TASK GOAL
If a record holds a picture, omit that picture and copy everything else exactly.

TASK INPUT
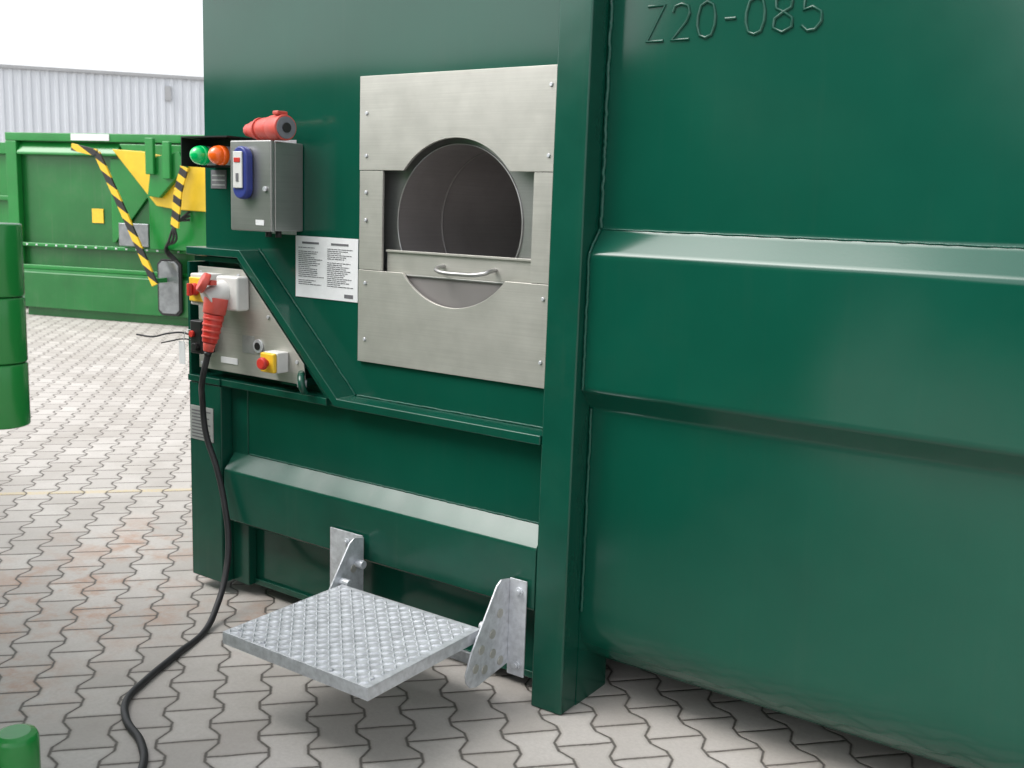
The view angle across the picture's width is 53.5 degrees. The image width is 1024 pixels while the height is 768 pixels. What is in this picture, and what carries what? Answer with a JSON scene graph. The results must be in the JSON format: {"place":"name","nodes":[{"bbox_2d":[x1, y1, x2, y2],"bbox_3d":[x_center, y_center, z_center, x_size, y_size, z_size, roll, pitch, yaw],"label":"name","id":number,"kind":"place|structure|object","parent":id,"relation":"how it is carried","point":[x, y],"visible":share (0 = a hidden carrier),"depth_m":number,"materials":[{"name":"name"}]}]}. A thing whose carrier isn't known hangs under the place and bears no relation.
{"place":"outdoors","nodes":[
{"label":"outdoors","id":0,"kind":"place"},
{"bbox_2d":[0,0,203,76],"label":"sky","id":1,"kind":"structure","parent":0,"point":[165,37],"materials":[{"name":"white"}]},
{"bbox_2d":[0,306,955,767],"bbox_3d":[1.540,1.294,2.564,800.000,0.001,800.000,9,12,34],"label":"ground","id":2,"kind":"structure","parent":0,"point":[108,596],"depth_m":3.63,"materials":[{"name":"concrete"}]},
{"bbox_2d":[0,142,8,222],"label":"green waste container","id":3,"kind":"object","parent":2,"relation":"on","point":[4,215],"depth_m":14.55,"materials":[{"name":"metal"}]},
{"bbox_2d":[0,222,40,767],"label":"green waste container","id":4,"kind":"object","parent":2,"relation":"on","point":[19,745],"visible":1,"depth_m":2.01,"materials":[{"name":"metal"}]},
{"bbox_2d":[5,132,205,325],"bbox_3d":[-4.379,-2.433,15.875,3.780,2.470,5.950,5,10,16],"label":"green waste container","id":5,"kind":"object","parent":2,"relation":"on","point":[113,226],"visible":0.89,"depth_m":13.59,"materials":[{"name":"metal"}]},
{"bbox_2d":[120,356,231,767],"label":"power cable","id":6,"kind":"object","parent":2,"relation":"on","point":[134,732],"visible":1,"depth_m":4.01,"materials":[{"name":"rubber"}]},
{"bbox_2d":[186,0,1023,767],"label":"waste compactor container","id":7,"kind":"object","parent":2,"relation":"on","point":[758,438],"visible":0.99,"depth_m":3.02,"materials":[{"name":"green metal"}]},
{"bbox_2d":[181,135,255,188],"bbox_3d":[-1.173,-0.877,4.027,0.295,0.197,0.189,9,12,34],"label":"signal lamp unit","id":8,"kind":"object","parent":7,"relation":"attached to","point":[207,151],"visible":0.93,"depth_m":4.01,"materials":[{"name":"black plastic"}]},
{"bbox_2d":[136,266,316,394],"bbox_3d":[-1.147,-0.233,4.053,0.910,0.449,0.264,9,12,34],"label":"switch panel","id":9,"kind":"object","parent":7,"relation":"attached to","point":[235,328],"visible":1,"depth_m":4.00,"materials":[{"name":"silver metal"}]},
{"bbox_2d":[230,140,302,237],"bbox_3d":[-0.952,-0.749,3.877,0.224,0.370,0.214,9,12,34],"label":"control box","id":10,"kind":"object","parent":7,"relation":"attached to","point":[267,187],"visible":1,"depth_m":3.81,"materials":[{"name":"silver metal"}]},
{"bbox_2d":[230,140,274,231],"bbox_3d":[-0.980,-0.748,3.835,0.224,0.336,0.022,9,12,34],"label":"cabinet door","id":11,"kind":"structure","parent":10,"relation":"in","point":[260,205],"depth_m":3.80,"materials":[{"name":"silver metal"}]},
{"bbox_2d":[243,110,295,140],"bbox_3d":[-0.920,-0.971,3.835,0.099,0.107,0.275,-7,13,-43],"label":"industrial plug","id":12,"kind":"object","parent":10,"relation":"on","point":[278,125],"visible":0.94,"depth_m":3.75,"materials":[{"name":"red plastic"}]},
{"bbox_2d":[296,236,358,302],"bbox_3d":[-0.710,-0.441,3.881,0.330,0.236,0.004,9,12,34],"label":"instruction sign","id":13,"kind":"object","parent":7,"relation":"attached to","point":[327,268],"visible":1,"depth_m":3.88,"materials":[{"name":"white metal"}]},
{"bbox_2d":[223,527,527,700],"bbox_3d":[-0.515,0.805,3.380,0.903,0.345,0.692,9,12,34],"label":"folding access step","id":14,"kind":"object","parent":7,"relation":"attached to","point":[345,632],"visible":1,"depth_m":3.30,"materials":[{"name":"metal"}]},
{"bbox_2d":[358,65,556,388],"bbox_3d":[0.028,-0.592,3.830,0.878,1.035,0.913,9,12,34],"label":"loading hatch","id":15,"kind":"object","parent":7,"relation":"attached to","point":[455,218],"visible":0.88,"depth_m":3.57,"materials":[{"name":"silver metal"}]},
{"bbox_2d":[387,249,530,282],"bbox_3d":[-0.194,-0.411,3.543,0.638,0.085,0.005,9,12,34],"label":"flap door","id":16,"kind":"structure","parent":15,"relation":"in","point":[407,263],"depth_m":3.53,"materials":[{"name":"silver metal"}]},
{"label":"plinth","id":17,"kind":"object","parent":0,"visible":0},
{"bbox_2d":[0,68,204,141],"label":"corrugated wall","id":18,"kind":"structure","parent":17,"relation":"on","point":[43,101],"depth_m":43.82,"materials":[{"name":"grey metal"}]},
{"bbox_2d":[0,64,203,79],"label":"roof trim","id":19,"kind":"structure","parent":18,"relation":"on","point":[99,72],"depth_m":43.55,"materials":[{"name":"grey metal"}]},
{"bbox_2d":[165,86,170,100],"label":"wall vent","id":20,"kind":"object","parent":18,"relation":"attached to","point":[167,93],"depth_m":44.30,"materials":[{"name":"grey metal"}]}
]}

SOLUTION FOR THIS EXERCISE
The view angle across the picture's width is 53.5 degrees. The image width is 1024 pixels while the height is 768 pixels. What is in this picture, and what carries what? Answer with a JSON scene graph. The results must be in the JSON format: {"place":"name","nodes":[{"bbox_2d":[x1, y1, x2, y2],"bbox_3d":[x_center, y_center, z_center, x_size, y_size, z_size, roll, pitch, yaw],"label":"name","id":number,"kind":"place|structure|object","parent":id,"relation":"how it is carried","point":[x, y],"visible":share (0 = a hidden carrier),"depth_m":number,"materials":[{"name":"name"}]}]}. A thing whose carrier isn't known hangs under the place and bears no relation.
{"place":"outdoors","nodes":[
{"label":"outdoors","id":0,"kind":"place"},
{"bbox_2d":[0,0,203,76],"label":"sky","id":1,"kind":"structure","parent":0,"point":[165,37],"materials":[{"name":"white"}]},
{"bbox_2d":[0,306,955,767],"bbox_3d":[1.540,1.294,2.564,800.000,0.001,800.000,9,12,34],"label":"ground","id":2,"kind":"structure","parent":0,"point":[108,596],"depth_m":3.63,"materials":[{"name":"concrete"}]},
{"bbox_2d":[0,142,8,222],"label":"green waste container","id":3,"kind":"object","parent":2,"relation":"on","point":[4,215],"depth_m":14.55,"materials":[{"name":"metal"}]},
{"bbox_2d":[0,222,40,767],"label":"green waste container","id":4,"kind":"object","parent":2,"relation":"on","point":[19,745],"visible":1,"depth_m":2.01,"materials":[{"name":"metal"}]},
{"bbox_2d":[5,132,205,325],"bbox_3d":[-4.379,-2.433,15.875,3.780,2.470,5.950,5,10,16],"label":"green waste container","id":5,"kind":"object","parent":2,"relation":"on","point":[113,226],"visible":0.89,"depth_m":13.59,"materials":[{"name":"metal"}]},
{"bbox_2d":[120,356,231,767],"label":"power cable","id":6,"kind":"object","parent":2,"relation":"on","point":[134,732],"visible":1,"depth_m":4.01,"materials":[{"name":"rubber"}]},
{"bbox_2d":[186,0,1023,767],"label":"waste compactor container","id":7,"kind":"object","parent":2,"relation":"on","point":[758,438],"visible":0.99,"depth_m":3.02,"materials":[{"name":"green metal"}]},
{"bbox_2d":[181,135,255,188],"bbox_3d":[-1.173,-0.877,4.027,0.295,0.197,0.189,9,12,34],"label":"signal lamp unit","id":8,"kind":"object","parent":7,"relation":"attached to","point":[207,151],"visible":0.93,"depth_m":4.01,"materials":[{"name":"black plastic"}]},
{"bbox_2d":[136,266,316,394],"bbox_3d":[-1.147,-0.233,4.053,0.910,0.449,0.264,9,12,34],"label":"switch panel","id":9,"kind":"object","parent":7,"relation":"attached to","point":[235,328],"visible":1,"depth_m":4.00,"materials":[{"name":"silver metal"}]},
{"bbox_2d":[230,140,302,237],"bbox_3d":[-0.952,-0.749,3.877,0.224,0.370,0.214,9,12,34],"label":"control box","id":10,"kind":"object","parent":7,"relation":"attached to","point":[267,187],"visible":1,"depth_m":3.81,"materials":[{"name":"silver metal"}]},
{"bbox_2d":[230,140,274,231],"bbox_3d":[-0.980,-0.748,3.835,0.224,0.336,0.022,9,12,34],"label":"cabinet door","id":11,"kind":"structure","parent":10,"relation":"in","point":[260,205],"depth_m":3.80,"materials":[{"name":"silver metal"}]},
{"bbox_2d":[243,110,295,140],"bbox_3d":[-0.920,-0.971,3.835,0.099,0.107,0.275,-7,13,-43],"label":"industrial plug","id":12,"kind":"object","parent":10,"relation":"on","point":[278,125],"visible":0.94,"depth_m":3.75,"materials":[{"name":"red plastic"}]},
{"bbox_2d":[296,236,358,302],"bbox_3d":[-0.710,-0.441,3.881,0.330,0.236,0.004,9,12,34],"label":"instruction sign","id":13,"kind":"object","parent":7,"relation":"attached to","point":[327,268],"visible":1,"depth_m":3.88,"materials":[{"name":"white metal"}]},
{"bbox_2d":[223,527,527,700],"bbox_3d":[-0.515,0.805,3.380,0.903,0.345,0.692,9,12,34],"label":"folding access step","id":14,"kind":"object","parent":7,"relation":"attached to","point":[345,632],"visible":1,"depth_m":3.30,"materials":[{"name":"metal"}]},
{"bbox_2d":[358,65,556,388],"bbox_3d":[0.028,-0.592,3.830,0.878,1.035,0.913,9,12,34],"label":"loading hatch","id":15,"kind":"object","parent":7,"relation":"attached to","point":[455,218],"visible":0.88,"depth_m":3.57,"materials":[{"name":"silver metal"}]},
{"bbox_2d":[387,249,530,282],"bbox_3d":[-0.194,-0.411,3.543,0.638,0.085,0.005,9,12,34],"label":"flap door","id":16,"kind":"structure","parent":15,"relation":"in","point":[407,263],"depth_m":3.53,"materials":[{"name":"silver metal"}]},
{"label":"plinth","id":17,"kind":"object","parent":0,"visible":0},
{"bbox_2d":[0,68,204,141],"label":"corrugated wall","id":18,"kind":"structure","parent":17,"relation":"on","point":[43,101],"depth_m":43.82,"materials":[{"name":"grey metal"}]},
{"bbox_2d":[0,64,203,79],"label":"roof trim","id":19,"kind":"structure","parent":18,"relation":"on","point":[99,72],"depth_m":43.55,"materials":[{"name":"grey metal"}]},
{"bbox_2d":[165,86,170,100],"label":"wall vent","id":20,"kind":"object","parent":18,"relation":"attached to","point":[167,93],"depth_m":44.30,"materials":[{"name":"grey metal"}]}
]}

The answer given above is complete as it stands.